嘘つきの科学

じゃっかんタイミングを逸していますが,エイプリルフールということで嘘にまつわる本を…。それにしても,今日のweb上コンテンツはどれが本当かわからなくなるので,確認が面倒ですね。イカの電子書籍デバイス(いつまでサイトが残っているのかわかりませんが)とかも出てるし。

表情研究で有名なポール・エクマンが嘘に関する研究もしています。『顔は口ほどに嘘をつく』『暴かれる嘘―虚偽を見破る対人学』『子どもはなぜ嘘をつくのか』など。

『平気でうそをつく人たち 虚偽と邪悪の心理学』は評判になってよく売れていた覚えがあります。

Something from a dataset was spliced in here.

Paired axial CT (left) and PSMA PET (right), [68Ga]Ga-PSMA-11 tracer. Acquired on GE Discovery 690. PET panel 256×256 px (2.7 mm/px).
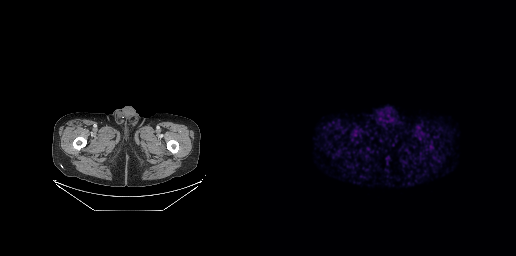
Negative for PSMA-avid disease on this slice.

すべての人は嘘をついたことがあるに違いありませんが,そうはいってもほとんどの人は「良心の呵責」を覚えるものです。いっぽうで,そうした「良心の呵責」をまったく感じることができず,平気で人を裏切り,攻撃する「サイコパス」という概念があります。犯罪心理学などでよく取り上げられるものです。サイコパス研究の権威,ヘアによる『診断名サイコパス―身近にひそむ異常人格者たち』があります。不勉強にして,さきほど調べて知ったのですが,ブレア『サイコパス-冷淡な脳』という本があるのですね。これは学術書としてしっかりしたもののようです。機会があれば読んでみたいと思います。

より幅広く嘘について扱ったものに,箱田裕司・仁平義明編『嘘とだましの心理学』は,さまざまな「嘘」にまつわる心理学的な研究を幅広く紹介しています。ポリグラフから押し売りにまつわる嘘,霊長類の嘘,嘘の認知,子どもの嘘,病的否嘘などなど。嘘という心理学現象に潜む,高度な心理的メカニズムの一端を見せてくれます。

研究書としては,村井潤一郎『発言内容の欺瞞性認知を規定する諸要因』,山村武彦『ポリグラフ鑑定―虚偽の精神生理学』など。